Paul Ickovic studied music at Queens College before dropping out and traveling to Nepal and India in the late 1960s, flush with $1,000 his parents had given him (the equivalent of nearly $10,000 in today’s dollars). New York street and fashion photographer Louis Faurer had been a mentor to him in New York, and at some point on that trip Ickovic picked up a camera and began to record what he saw on his travels.

Back home in the 1970s, he met Cartier-Bresson — Ickovic was working briefly for the Boston publisher of Cartier-Bresson’s work — and they became friends and traded photographs. This would prove helpful later: Cartier-Bresson’s photos and letters gave Ickovic a bit of a nest egg.

In addition to his brother, Ickovic is survived by two sons: Nicholas Ickovic, from his second marriage, to Simona Zborilova, a model, which ended in divorce; and Cristian Sanders, from his relationship with Karin Sanders, a gallerist. His first marriage, to Sarah Stahl, also ended in divorce.
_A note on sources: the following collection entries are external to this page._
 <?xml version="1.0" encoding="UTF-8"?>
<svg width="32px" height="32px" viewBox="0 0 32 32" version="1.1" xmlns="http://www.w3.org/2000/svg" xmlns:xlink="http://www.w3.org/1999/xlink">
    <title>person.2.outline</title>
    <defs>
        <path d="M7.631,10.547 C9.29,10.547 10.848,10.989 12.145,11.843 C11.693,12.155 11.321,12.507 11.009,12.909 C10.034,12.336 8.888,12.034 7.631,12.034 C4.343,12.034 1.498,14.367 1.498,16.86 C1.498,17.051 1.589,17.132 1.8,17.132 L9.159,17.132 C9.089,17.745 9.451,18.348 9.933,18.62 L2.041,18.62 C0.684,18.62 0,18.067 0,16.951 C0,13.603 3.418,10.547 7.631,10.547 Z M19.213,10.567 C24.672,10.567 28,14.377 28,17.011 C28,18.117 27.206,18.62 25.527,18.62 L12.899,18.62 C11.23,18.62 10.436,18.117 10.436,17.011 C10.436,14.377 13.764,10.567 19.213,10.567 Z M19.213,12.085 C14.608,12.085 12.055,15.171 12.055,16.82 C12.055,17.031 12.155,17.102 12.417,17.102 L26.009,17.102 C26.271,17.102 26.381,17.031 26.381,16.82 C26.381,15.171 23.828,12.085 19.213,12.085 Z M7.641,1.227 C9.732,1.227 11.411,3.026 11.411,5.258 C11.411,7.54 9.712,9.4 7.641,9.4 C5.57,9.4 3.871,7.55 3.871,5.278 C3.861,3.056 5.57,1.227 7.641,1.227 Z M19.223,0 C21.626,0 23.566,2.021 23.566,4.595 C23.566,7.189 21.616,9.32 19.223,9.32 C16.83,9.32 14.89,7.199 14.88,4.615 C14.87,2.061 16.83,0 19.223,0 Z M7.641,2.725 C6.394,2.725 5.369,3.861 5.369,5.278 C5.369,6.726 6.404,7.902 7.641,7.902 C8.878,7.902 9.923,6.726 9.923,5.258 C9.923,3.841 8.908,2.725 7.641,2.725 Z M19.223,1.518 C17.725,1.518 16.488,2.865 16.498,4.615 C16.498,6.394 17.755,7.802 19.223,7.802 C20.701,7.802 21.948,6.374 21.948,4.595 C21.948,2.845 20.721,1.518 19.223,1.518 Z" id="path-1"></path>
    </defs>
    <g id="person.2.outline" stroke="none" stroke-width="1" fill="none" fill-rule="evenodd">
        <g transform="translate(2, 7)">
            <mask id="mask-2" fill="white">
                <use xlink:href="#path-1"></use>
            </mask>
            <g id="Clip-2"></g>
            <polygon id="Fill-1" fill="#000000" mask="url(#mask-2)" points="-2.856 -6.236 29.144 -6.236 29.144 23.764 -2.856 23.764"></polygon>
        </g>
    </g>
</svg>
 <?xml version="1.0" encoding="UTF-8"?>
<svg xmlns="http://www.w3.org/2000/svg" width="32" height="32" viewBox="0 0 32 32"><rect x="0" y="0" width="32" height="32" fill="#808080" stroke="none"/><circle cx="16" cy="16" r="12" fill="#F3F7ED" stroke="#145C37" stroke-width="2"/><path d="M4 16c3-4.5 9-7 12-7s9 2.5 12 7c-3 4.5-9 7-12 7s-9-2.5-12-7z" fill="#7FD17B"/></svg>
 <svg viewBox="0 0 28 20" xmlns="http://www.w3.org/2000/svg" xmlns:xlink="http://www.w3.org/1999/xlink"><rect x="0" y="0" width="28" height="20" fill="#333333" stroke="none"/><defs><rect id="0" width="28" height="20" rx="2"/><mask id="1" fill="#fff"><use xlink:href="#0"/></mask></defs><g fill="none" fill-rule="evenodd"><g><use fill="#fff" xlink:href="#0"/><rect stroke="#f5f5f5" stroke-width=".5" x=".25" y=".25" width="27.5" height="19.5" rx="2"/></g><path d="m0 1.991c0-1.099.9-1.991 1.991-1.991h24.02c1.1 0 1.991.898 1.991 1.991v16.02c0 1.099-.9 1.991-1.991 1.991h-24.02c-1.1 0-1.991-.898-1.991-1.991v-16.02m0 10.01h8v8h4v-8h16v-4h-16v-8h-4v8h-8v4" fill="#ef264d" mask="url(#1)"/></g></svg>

Over the years Ickovic published a number of books of his photography, notably “Kafka’s Grave and Other Stories” (1986), which had an introduction by playwright David Mamet. That book was produced with the help of Joshua Ginsberg, an entrepreneur and environmental scientist who became a friend and patron.

In the summer of 2021, the Bibliothèque Nationale showed a retrospective of Ickovic’s work in tandem with a larger show of Cartier-Bresson’s photographs. Ginsberg published the catalog of his friend’s show, which was called “In Transit.”

Ickovic said he was a little annoyed, Ginsberg recalled, that “Henri got three rooms” but “I only got one.”